Thank you MM for the opportunity to write my first guest post.

Who am I? I’m a professional starving artist in both the music and photographic world trying to find financial freedom on a pauper’s income.

After many years of financial floundering I decided to take advantage of my time and start investing for my future. I would love to jump off on a tangent here and talk about how financial advisers aren’t in it for you (they are in it for themselves first,) but that would be a whole post unto itself. (Thankfully for you I’ve recently written one: http://thestarvingartistcanada.blogspot.ca/2012/08/financial-advisers-or-diy.html) But the long and the short of the matter is that for anybody who is not from old money the only way to financial freedom is through investing.

So, you’re a recent graduate and either in debt or nearly broke. You have an erratic to non-existent income, or you just landed your first entry level job, but live in a city where that doesn’t even cover basic needs. You’d love to have a steady income stream but you don’t know how to do that aside from already owning a home and renting out a basement apartment or having an additional rental property.

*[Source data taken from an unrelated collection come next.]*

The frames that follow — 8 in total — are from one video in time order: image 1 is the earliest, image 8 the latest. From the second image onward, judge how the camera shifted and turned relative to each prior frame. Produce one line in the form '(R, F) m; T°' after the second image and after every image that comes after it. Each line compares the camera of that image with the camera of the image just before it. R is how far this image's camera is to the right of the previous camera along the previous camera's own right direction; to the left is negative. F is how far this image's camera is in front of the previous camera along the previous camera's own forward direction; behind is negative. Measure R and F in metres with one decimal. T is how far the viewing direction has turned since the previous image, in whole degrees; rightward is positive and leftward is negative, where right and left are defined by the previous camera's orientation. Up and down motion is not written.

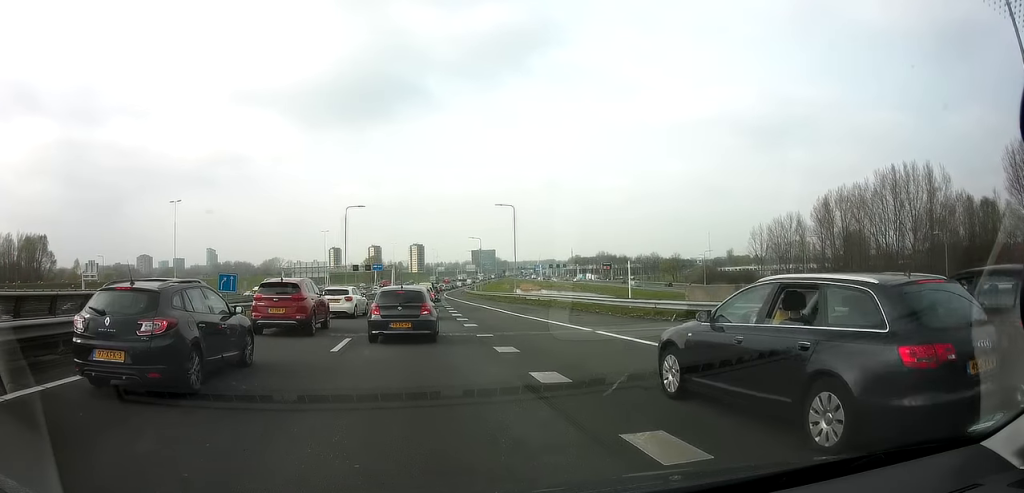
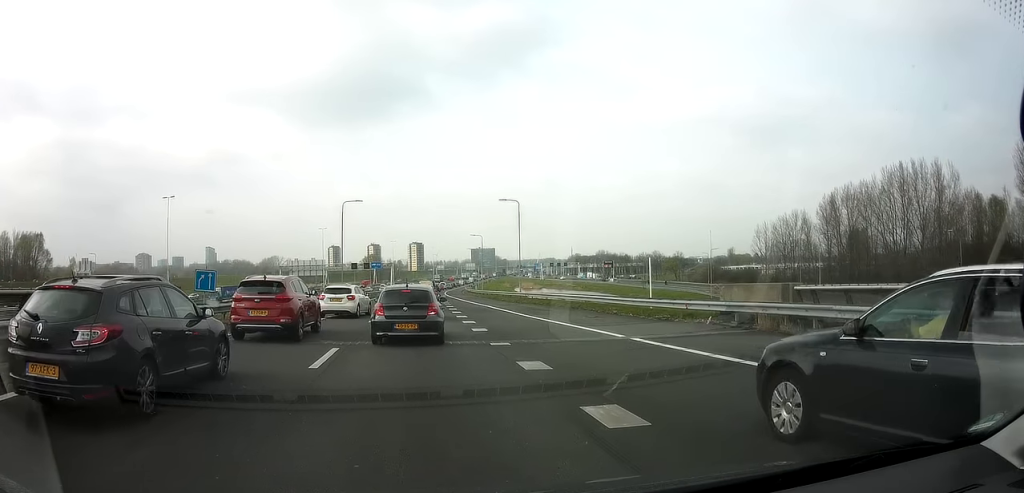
(+0.1, +2.6) m; -2°
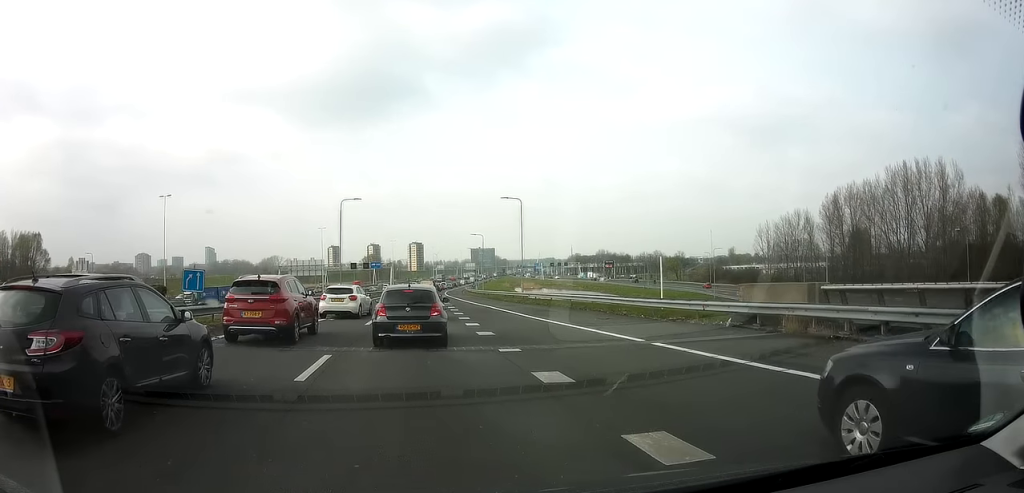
(-0.1, +1.3) m; 0°
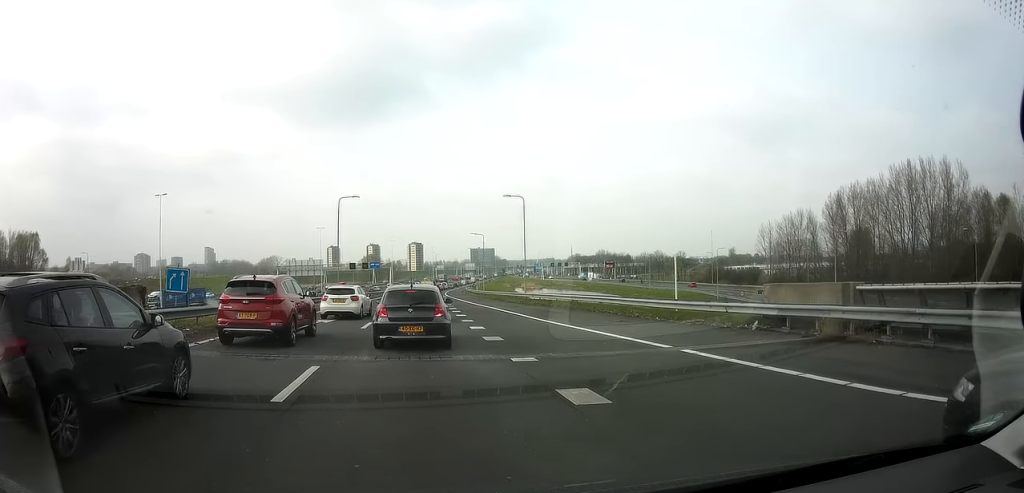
(-0.1, +1.6) m; 0°
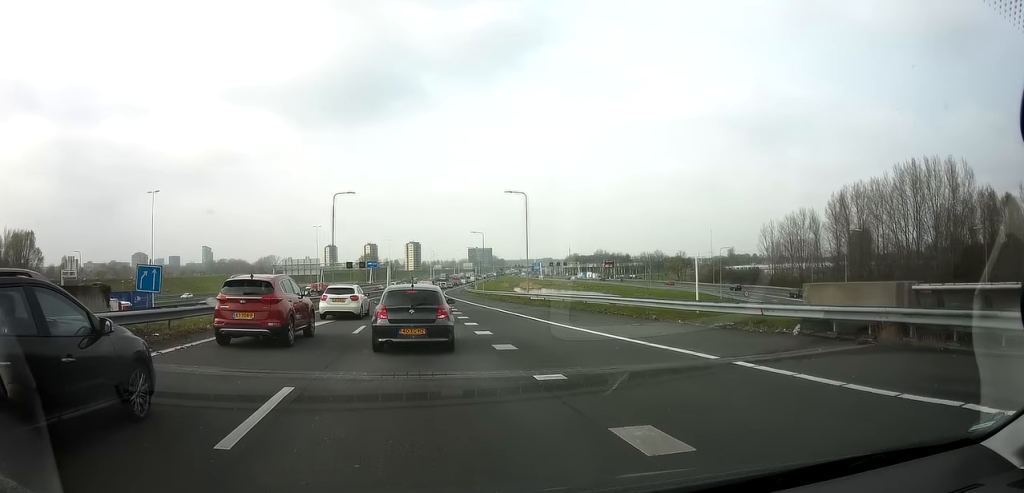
(+0.2, +2.3) m; +5°
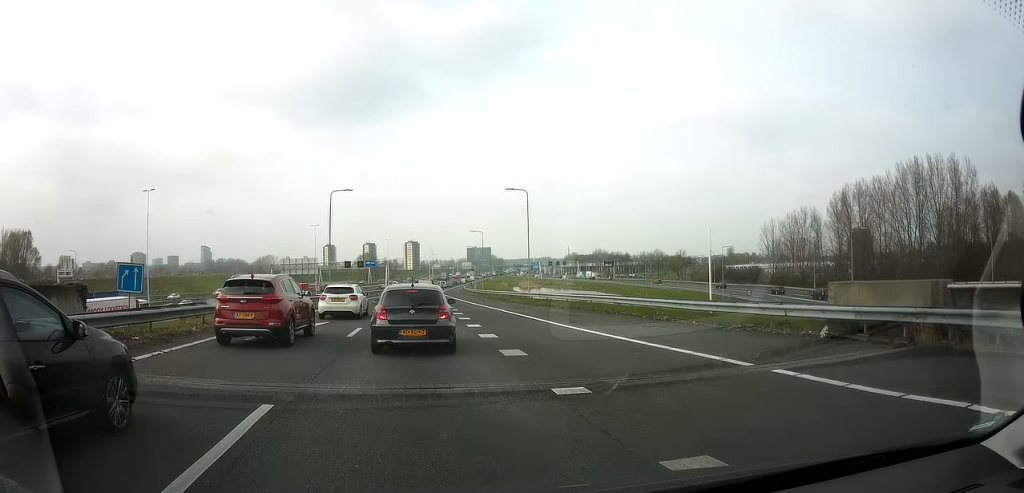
(0.0, +1.3) m; +2°
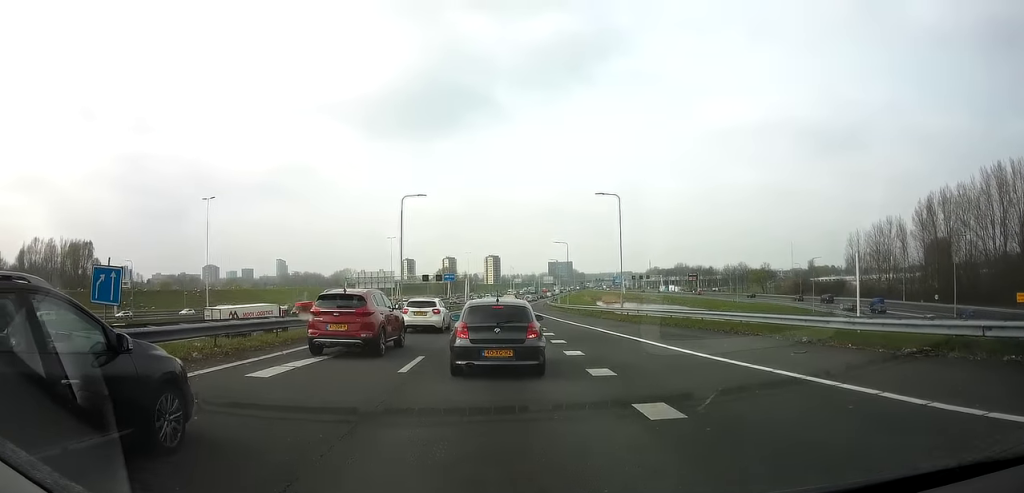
(0.0, +4.6) m; -10°
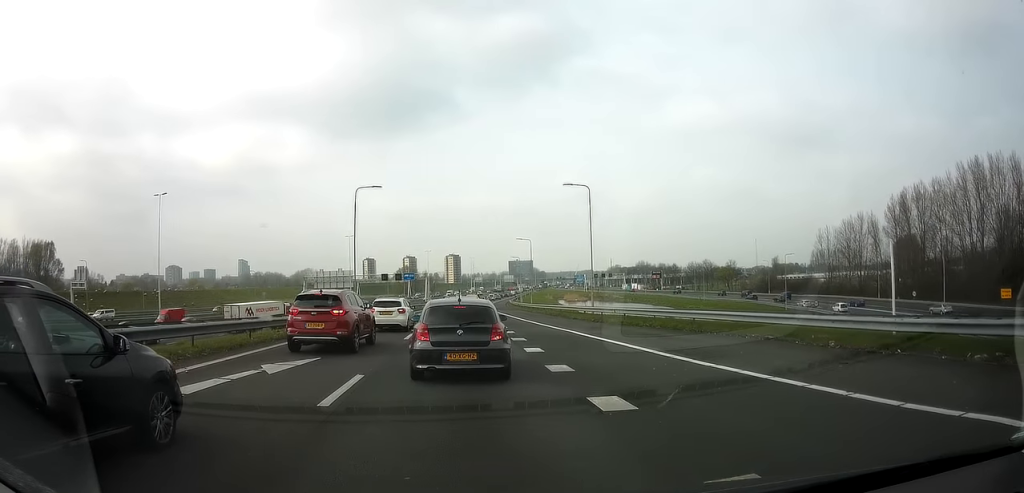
(-0.3, +3.1) m; +2°

If you could come up with a down payment and think you’re the person who likes to be hands on and wants to take on the responsibility of a rental property yourself. What could happen? Lets say your furnace exploded on Christmas Eve and you weren’t able to source a new furnace, have it installed and tested until 3 days later. Thus causing your pipes to freeze and then burst. As a result, your tenants decided to take you to the housing tribunal for arbitration for failing to provide heating, all the while living on your property WITHOUT paying you anything. You are left with the financial burden of keeping up with your mortgage, gas, water, electric, and insurance payments until the arbitration process has concluded, which can take up to 6 months! At which you’re left with a judgment in your favour but the tenant decides to move on leaving you with nothing for the 6 month period they lived on your property. If you couldn’t make all your payments for repairs the contractor might have put a lien on your property. If you all of a sudden needed to sell the property then getting the lien cleared would slow down your closing time.

But if you’re like me you don’t have enough money for the down payment on a home (Median home price where I live is $550k) what can you do? Aside from selling pint after pint of blood, or striking up back-alley deals you will be happy to know that there are companies out there, both public and private called REITs. REIT stands for Real Estate Investment Trust. These are businesses that quite simply buy properties, build buildings and rent them out. They take care of all of the business of renting and send you your slice of the profits every month. This of course frees you from the panoply of glamorous jobs that come along with owning rental properties.

Private REITs often require that you have a significant sum of money to invest so that leaves you with publicly traded REITs. (Full disclosure: I own several different mostly Canadian publicly REITs) Yes, this does require that you have a brokerage account (get a discount-brokerage account and do it yourself!) and buy units (shares) of these companies on the open stock markets. The minimum requirements for a discount brokerage account in Canada are quite small, (around $1000 or so) so it’s not all that hard to get into it. And, because the best online brokerages are publicly traded it’s very easy to sell your shares and cash out.

There are many, many different REITs in Canada. Most of them try to pick their desired customer and stick with it as the stock markets seem to prefer “pure-play” type companies. Pure-play simply means you do one thing and you do it well. Some deal entirely with industrial tenants, some like retail, some like office properties, and some deal expressly with medical professionals. So you get to choose what sort of customers you want.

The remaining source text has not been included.